*** Opening DATA SHOWN ***
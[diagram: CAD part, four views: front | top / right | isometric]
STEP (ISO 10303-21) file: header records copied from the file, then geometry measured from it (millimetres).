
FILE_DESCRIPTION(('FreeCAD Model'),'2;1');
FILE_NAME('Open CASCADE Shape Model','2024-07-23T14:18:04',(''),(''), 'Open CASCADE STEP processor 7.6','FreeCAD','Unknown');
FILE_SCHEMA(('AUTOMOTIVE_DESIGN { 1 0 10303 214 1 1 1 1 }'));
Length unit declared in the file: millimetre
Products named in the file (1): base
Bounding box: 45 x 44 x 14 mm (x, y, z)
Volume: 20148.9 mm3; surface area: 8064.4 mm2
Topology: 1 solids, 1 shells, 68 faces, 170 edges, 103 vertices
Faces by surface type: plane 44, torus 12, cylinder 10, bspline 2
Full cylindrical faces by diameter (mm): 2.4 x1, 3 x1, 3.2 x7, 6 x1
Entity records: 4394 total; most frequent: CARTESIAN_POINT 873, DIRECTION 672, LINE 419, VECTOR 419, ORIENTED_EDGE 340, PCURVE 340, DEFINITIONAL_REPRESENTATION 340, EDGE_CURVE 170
*** Closing DATA SHOWN ***
Return a faithful copy of all the records above.

ANSWER FOR THIS EXERCISE:
[diagram: CAD part, four views: front | top / right | isometric]
STEP (ISO 10303-21) file: header records copied from the file, then geometry measured from it (millimetres).
FILE_DESCRIPTION(('FreeCAD Model'),'2;1');
FILE_NAME('Open CASCADE Shape Model','2024-07-23T14:18:04',(''),(''), 'Open CASCADE STEP processor 7.6','FreeCAD','Unknown');
FILE_SCHEMA(('AUTOMOTIVE_DESIGN { 1 0 10303 214 1 1 1 1 }'));
Length unit declared in the file: millimetre
Products named in the file (1): base
Bounding box: 45 x 44 x 14 mm (x, y, z)
Volume: 20148.9 mm3; surface area: 8064.4 mm2
Topology: 1 solids, 1 shells, 68 faces, 170 edges, 103 vertices
Faces by surface type: plane 44, torus 12, cylinder 10, bspline 2
Full cylindrical faces by diameter (mm): 2.4 x1, 3 x1, 3.2 x7, 6 x1
Entity records: 4394 total; most frequent: CARTESIAN_POINT 873, DIRECTION 672, LINE 419, VECTOR 419, ORIENTED_EDGE 340, PCURVE 340, DEFINITIONAL_REPRESENTATION 340, EDGE_CURVE 170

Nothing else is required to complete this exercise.